The key to raising the consumption share of growth, as I have discussed many times, is to get household income to rise from its unprecedentedly low share of GDP.  This requires that among other things China increase wages, revalue the renminbi and, most importantly, reduce the enormous financial repression tax that households implicitly pay to borrowers in the form of artificially low interest rates. But these measures will necessarily slow growth.

The financial repression tax, especially, is both the major cause of China’s economic imbalance and the major source of China’s spectacular growth, even though in recent years much of this growth has been generated by unnecessary and wasted investment.  Forcing up the real interest rate is the most important step Beijing can take to redress the domestic imbalances and to reduce wasteful spending.

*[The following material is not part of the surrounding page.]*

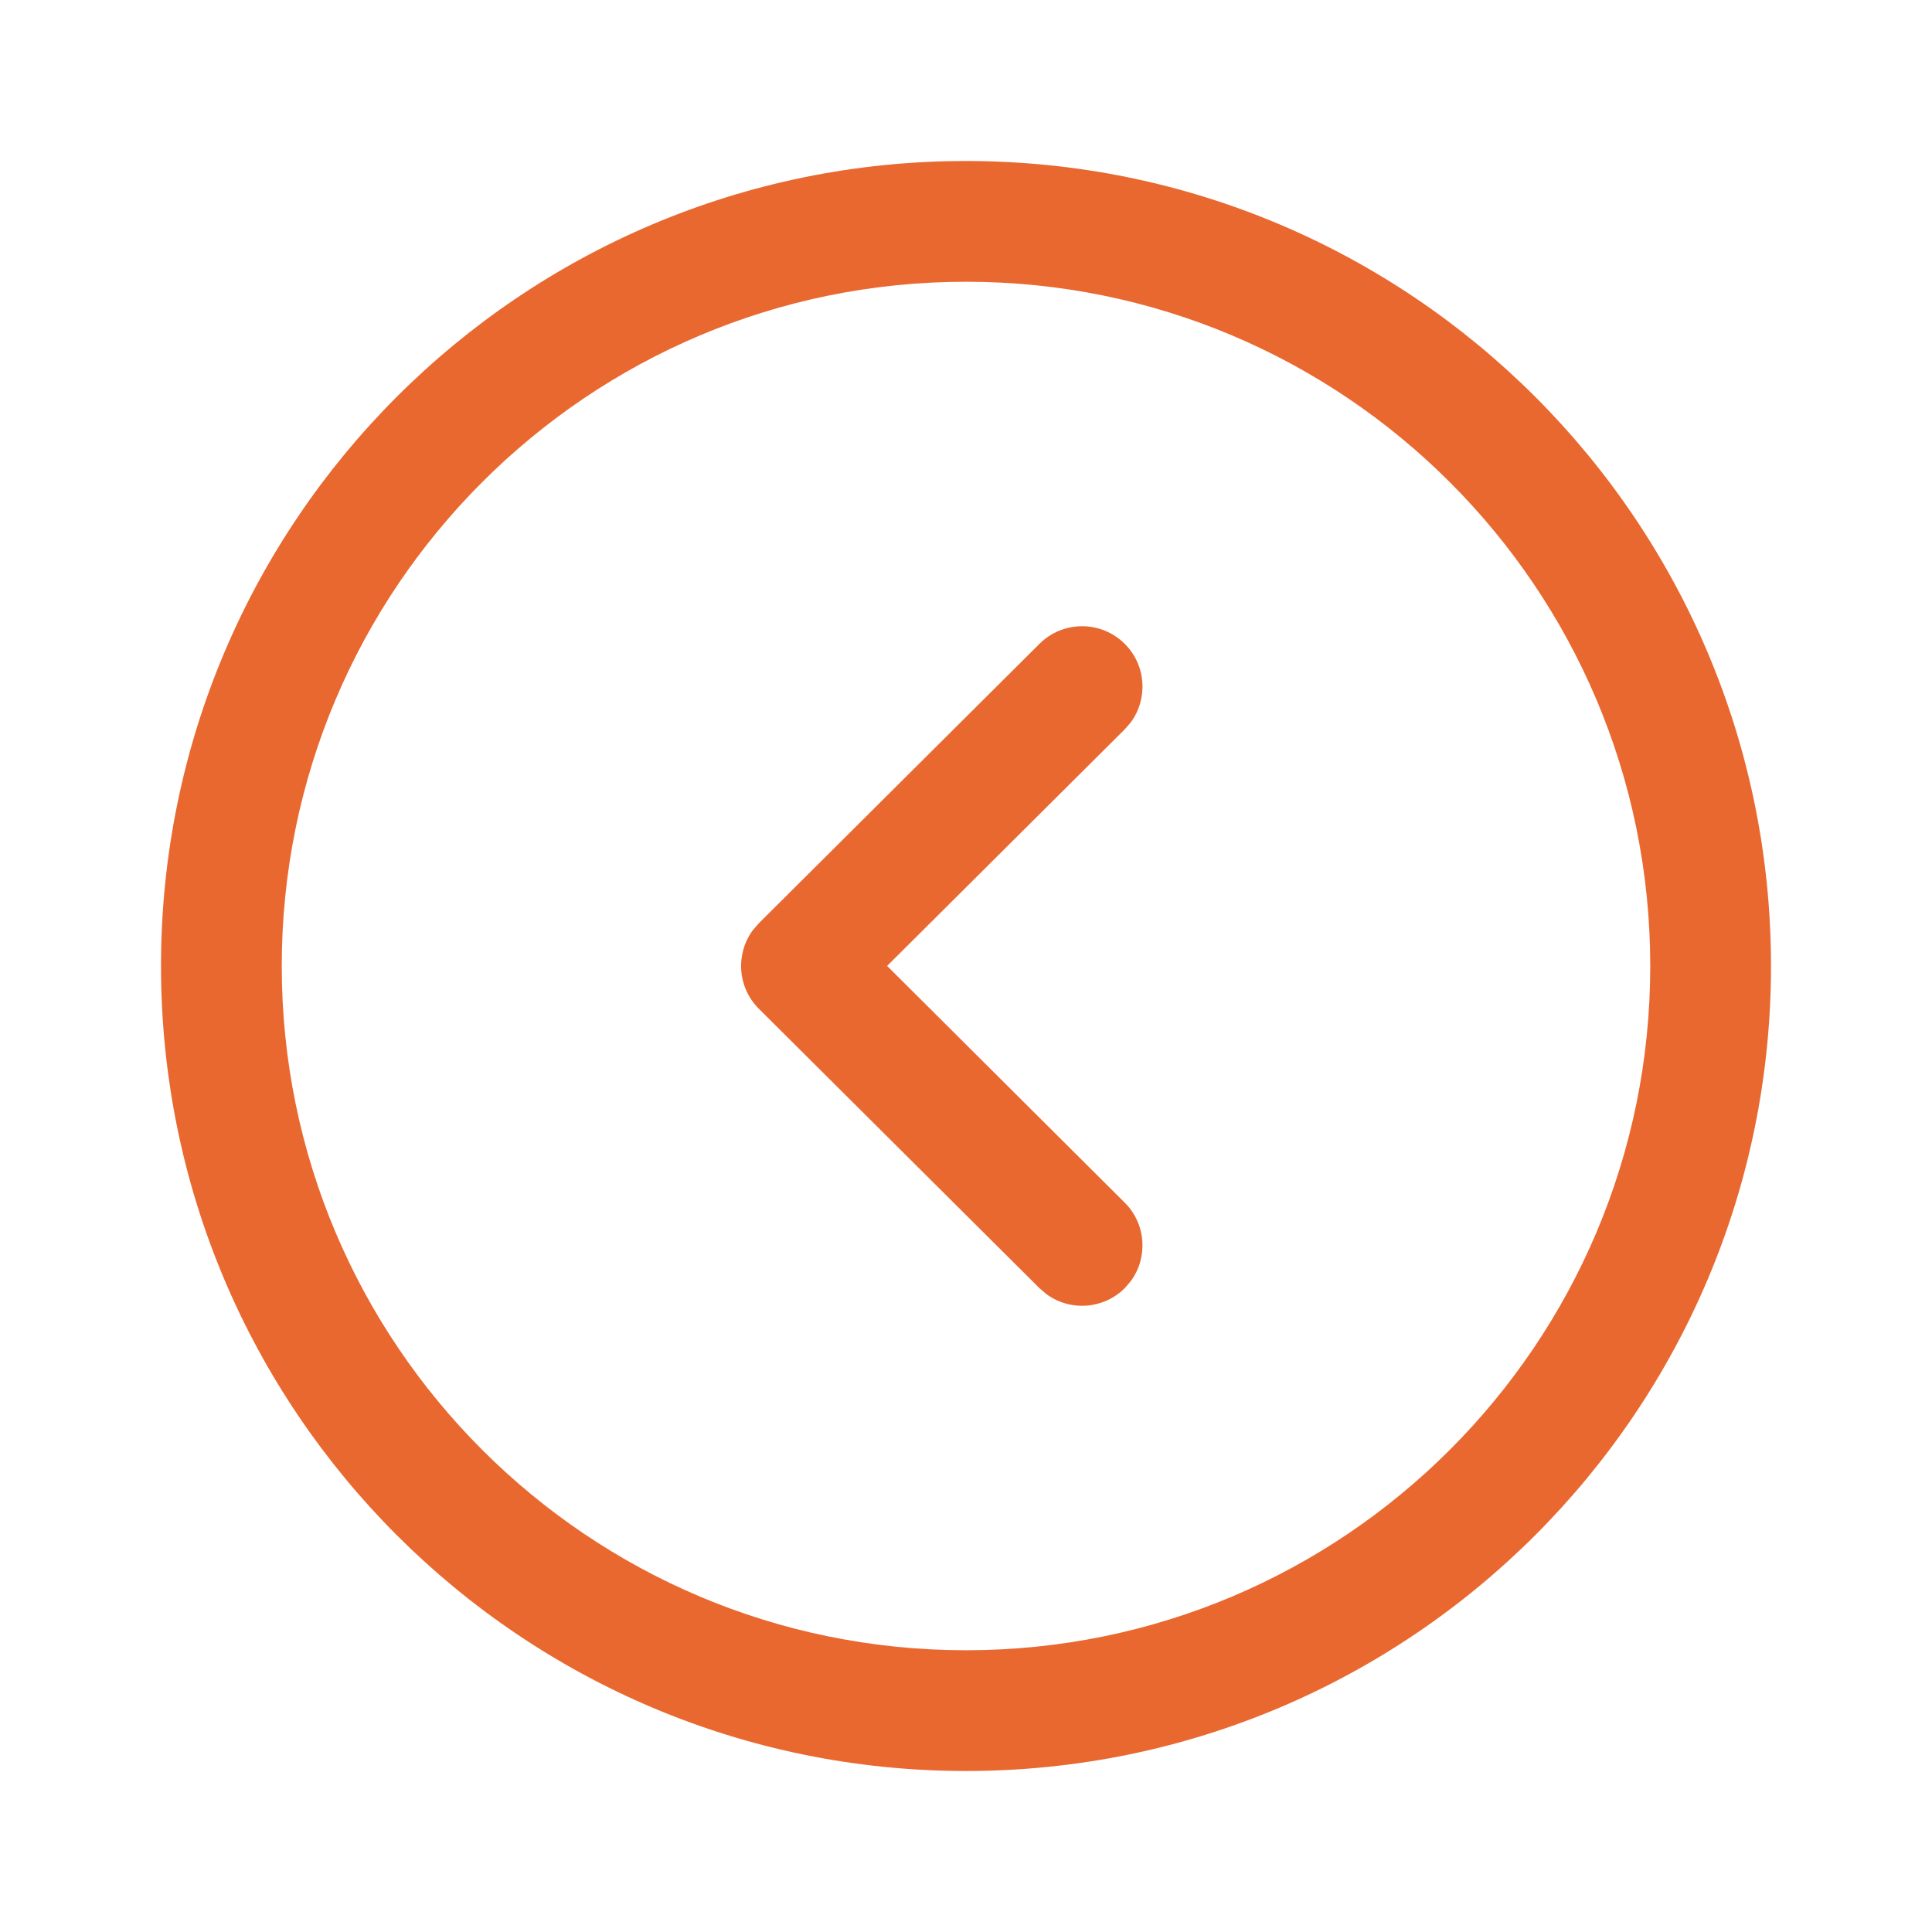 <svg width="48" height="48" viewBox="0 0 48 48" fill="none" xmlns="http://www.w3.org/2000/svg">
<path d="M44 24C44 35.045 35.044 44 24 44C12.956 44 4 35.045 4 24C4 12.955 12.955 4 24 4C35.045 4 44 12.955 44 24ZM41 24C41 14.612 33.388 7 24 7C14.612 7 7 14.612 7 24C7 33.388 14.612 41 24 41C33.388 41 41 33.388 41 24ZM28.092 31.832L27.948 32C27.416 32.534 26.583 32.584 25.995 32.15L25.826 32.005L18.854 25.063C18.319 24.53 18.27 23.694 18.708 23.105L18.854 22.937L25.826 15.995C26.413 15.411 27.363 15.413 27.948 16C28.479 16.533 28.526 17.367 28.089 17.953L27.943 18.121L22.04 23.998L27.943 29.879C28.477 30.41 28.527 31.244 28.092 31.832Z" fill="#E96830"/>
</svg>
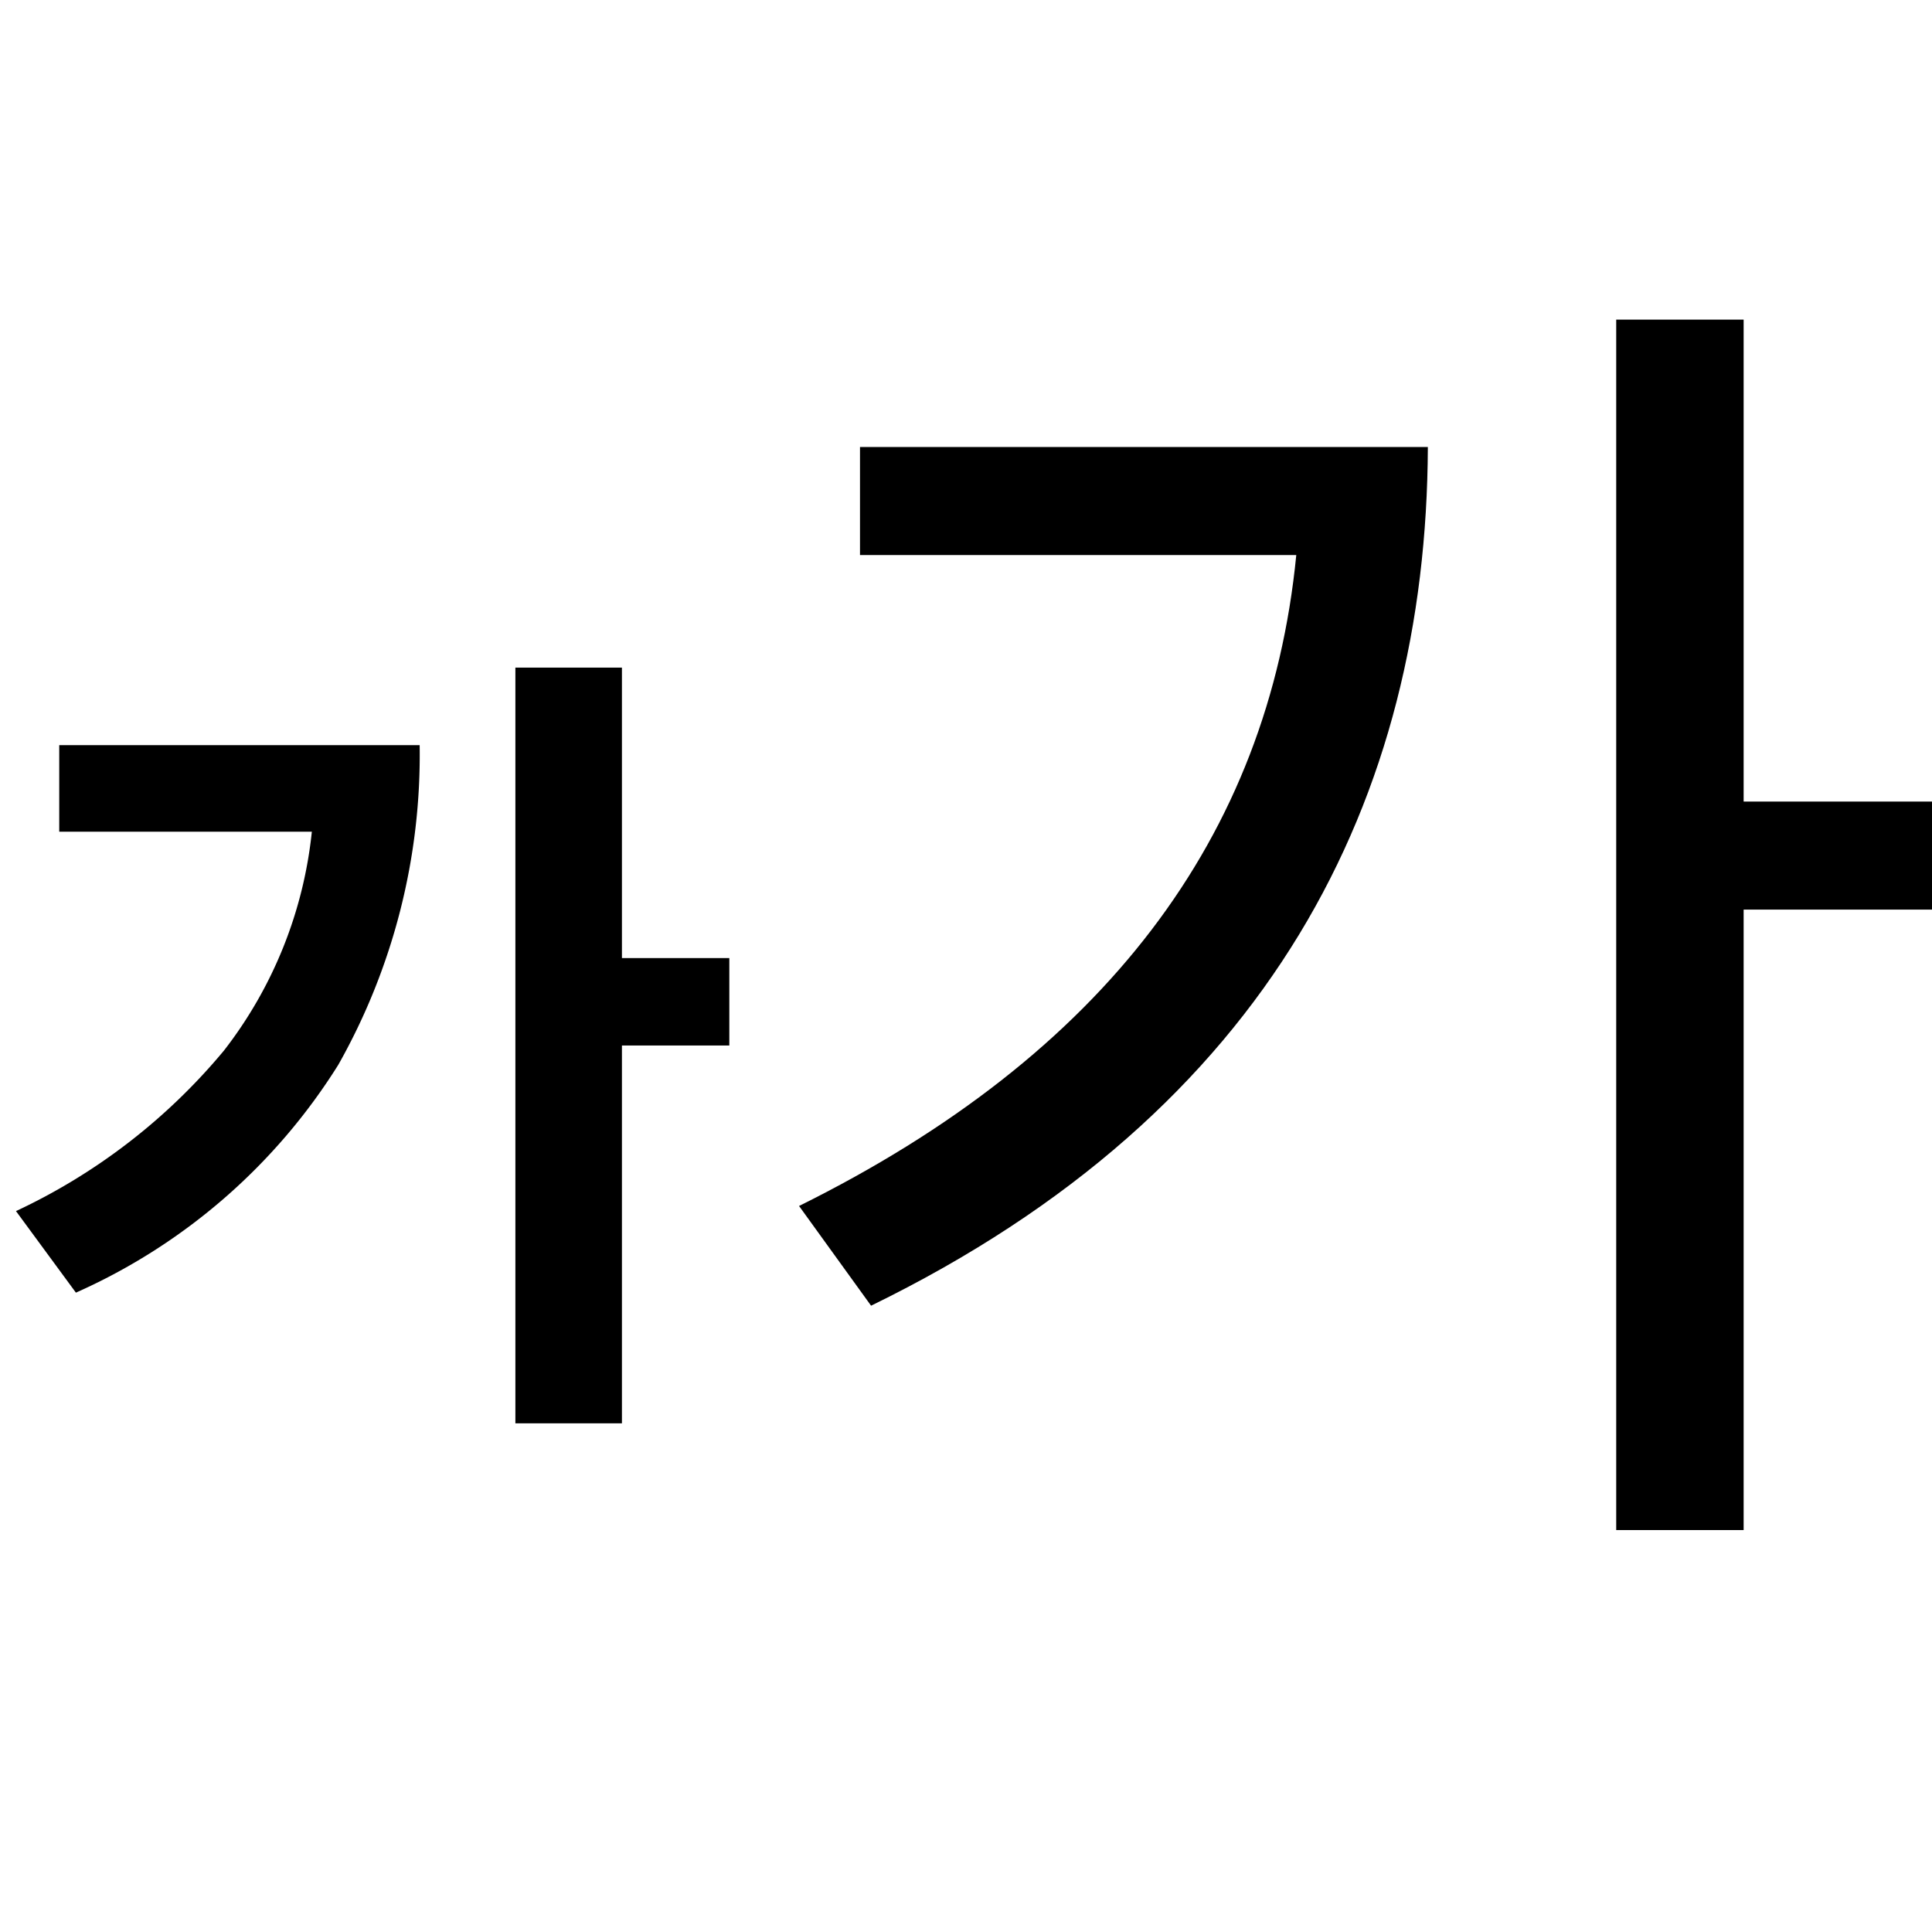 <svg xmlns="http://www.w3.org/2000/svg" width="36.268" height="36" viewBox="0 0 36.268 36"><g transform="translate(-1301 -398)"><path d="M11.641-7.328h2.016v1.641H11.641V1.406h-2V-12.781h2ZM.266-2.578A11.29,11.29,0,0,0,4.172-5.594,8.053,8.053,0,0,0,5.82-9.7H1.078v-1.625H7.844a11.835,11.835,0,0,1-1.527,6A11.157,11.157,0,0,1,1.391-1.047Z" transform="translate(1301.034 423.314)"/><path d="M18.564-20.592H16.172V2.132h2.392V-9.516H22.1v-2.028H18.564ZM.832-3.952,2.184-2.08C9.7-5.746,12.61-11.622,12.636-18.2H1.976v2.028h8.19C9.646-10.868,6.552-6.786.832-3.952Z" transform="translate(1315.168 424.592)"/><g transform="translate(251 380)"><rect width="36" height="36" transform="translate(1050 18)" fill="none"/></g></g></svg>

And this seems to be happening.  Beijing has reduced interest rates twice this year, and reluctant policymakers are under intense pressure to reduce them further.  The students in my central bank seminar at PKU tell me that there are new rumors about the way the cuts were implemented.  “Usually it is the PBoC that submits a proposal of rates cut to the State Council,” one of them wrote me recently, “but this time (July 5th) it was the State Council who handed down to the PBoC the decision to cut rates, so that the PBoC was not fully aware of the rates cut before July 5th.”

If my student is right (and this class has an impressive track record), this suggests that monetary easing is being driven by political considerations, not economic ones, which of course isn’t at all a surprise.  But even with the rate cuts, perhaps demanded by the State Council, with inflation falling much more quickly than interest rates the real return for household depositors has soared in recent months, as has the real cost of borrowing.  China, in other words, is finally repairing one of its worst distortions.

But this necessarily comes at a cost.  Raising the real borrowing cost cannot help but reduce investment growth and increase cashflow pressure on local governments, and so with the rise in real rates China’s GDP growth rate must fall sharply.  China bulls, late to understand the unhealthy implications of the distortions that generated so much growth in the past, have finally recognized how urgent the rebalancing is, but they still fail to understand that this cannot happen at high growth rates.  The problem is mainly one of arithmetic.  China’s investment growth rate must fall for many years before the household income share of GDP is high enough for consumption to replace investment as the engine of rapid growth.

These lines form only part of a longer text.